- Data for processing
------------------------
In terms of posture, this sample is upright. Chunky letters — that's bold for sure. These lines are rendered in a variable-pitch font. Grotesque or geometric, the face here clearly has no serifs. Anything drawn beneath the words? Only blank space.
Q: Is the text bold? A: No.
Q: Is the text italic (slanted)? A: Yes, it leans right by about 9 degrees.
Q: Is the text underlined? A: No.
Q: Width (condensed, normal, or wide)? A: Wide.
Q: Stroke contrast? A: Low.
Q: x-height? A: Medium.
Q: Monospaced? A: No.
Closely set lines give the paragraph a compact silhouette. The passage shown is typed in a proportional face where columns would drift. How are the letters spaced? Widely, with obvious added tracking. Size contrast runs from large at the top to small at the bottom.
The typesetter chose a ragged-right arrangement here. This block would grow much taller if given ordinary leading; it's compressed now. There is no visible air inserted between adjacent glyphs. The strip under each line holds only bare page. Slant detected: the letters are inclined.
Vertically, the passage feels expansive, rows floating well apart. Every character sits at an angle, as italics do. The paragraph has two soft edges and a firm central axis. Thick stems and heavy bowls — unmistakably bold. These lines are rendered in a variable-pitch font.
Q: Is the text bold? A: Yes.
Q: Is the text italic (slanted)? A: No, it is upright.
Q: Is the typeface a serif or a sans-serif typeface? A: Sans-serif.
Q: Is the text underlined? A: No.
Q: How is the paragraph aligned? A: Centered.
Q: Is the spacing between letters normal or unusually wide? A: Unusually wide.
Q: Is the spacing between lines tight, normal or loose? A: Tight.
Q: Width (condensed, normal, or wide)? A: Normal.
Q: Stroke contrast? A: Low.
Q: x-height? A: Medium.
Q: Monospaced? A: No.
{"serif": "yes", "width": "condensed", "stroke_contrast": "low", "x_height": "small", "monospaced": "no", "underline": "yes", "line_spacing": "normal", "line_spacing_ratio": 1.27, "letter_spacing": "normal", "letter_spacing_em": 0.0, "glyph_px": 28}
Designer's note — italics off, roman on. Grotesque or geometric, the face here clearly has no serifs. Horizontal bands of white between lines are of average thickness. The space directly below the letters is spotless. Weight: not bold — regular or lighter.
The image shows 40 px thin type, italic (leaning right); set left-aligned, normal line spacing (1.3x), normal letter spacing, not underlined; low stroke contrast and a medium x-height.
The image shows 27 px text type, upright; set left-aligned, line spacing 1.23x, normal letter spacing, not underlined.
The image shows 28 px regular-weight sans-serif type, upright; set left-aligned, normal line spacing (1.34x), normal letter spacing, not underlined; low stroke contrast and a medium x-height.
------------------------
- Description of the task
Locate the line with "Q: Is the spacing between lines" in the entries above; extract it and every line after it, verbatim.

- Written answer
Q: Is the spacing between lines tight, normal or loose? A: Tight.
Q: Width (condensed, normal, or wide)? A: Normal.
Q: Stroke contrast? A: Low.
Q: x-height? A: Medium.
Q: Monospaced? A: No.
{"serif": "yes", "width": "condensed", "stroke_contrast": "low", "x_height": "small", "monospaced": "no", "underline": "yes", "line_spacing": "normal", "line_spacing_ratio": 1.27, "letter_spacing": "normal", "letter_spacing_em": 0.0, "glyph_px": 28}
Designer's note — italics off, roman on. Grotesque or geometric, the face here clearly has no serifs. Horizontal bands of white between lines are of average thickness. The space directly below the letters is spotless. Weight: not bold — regular or lighter.
The image shows 40 px thin type, italic (leaning right); set left-aligned, normal line spacing (1.3x), normal letter spacing, not underlined; low stroke contrast and a medium x-height.
The image shows 27 px text type, upright; set left-aligned, line spacing 1.23x, normal letter spacing, not underlined.
The image shows 28 px regular-weight sans-serif type, upright; set left-aligned, normal line spacing (1.34x), normal letter spacing, not underlined; low stroke contrast and a medium x-height.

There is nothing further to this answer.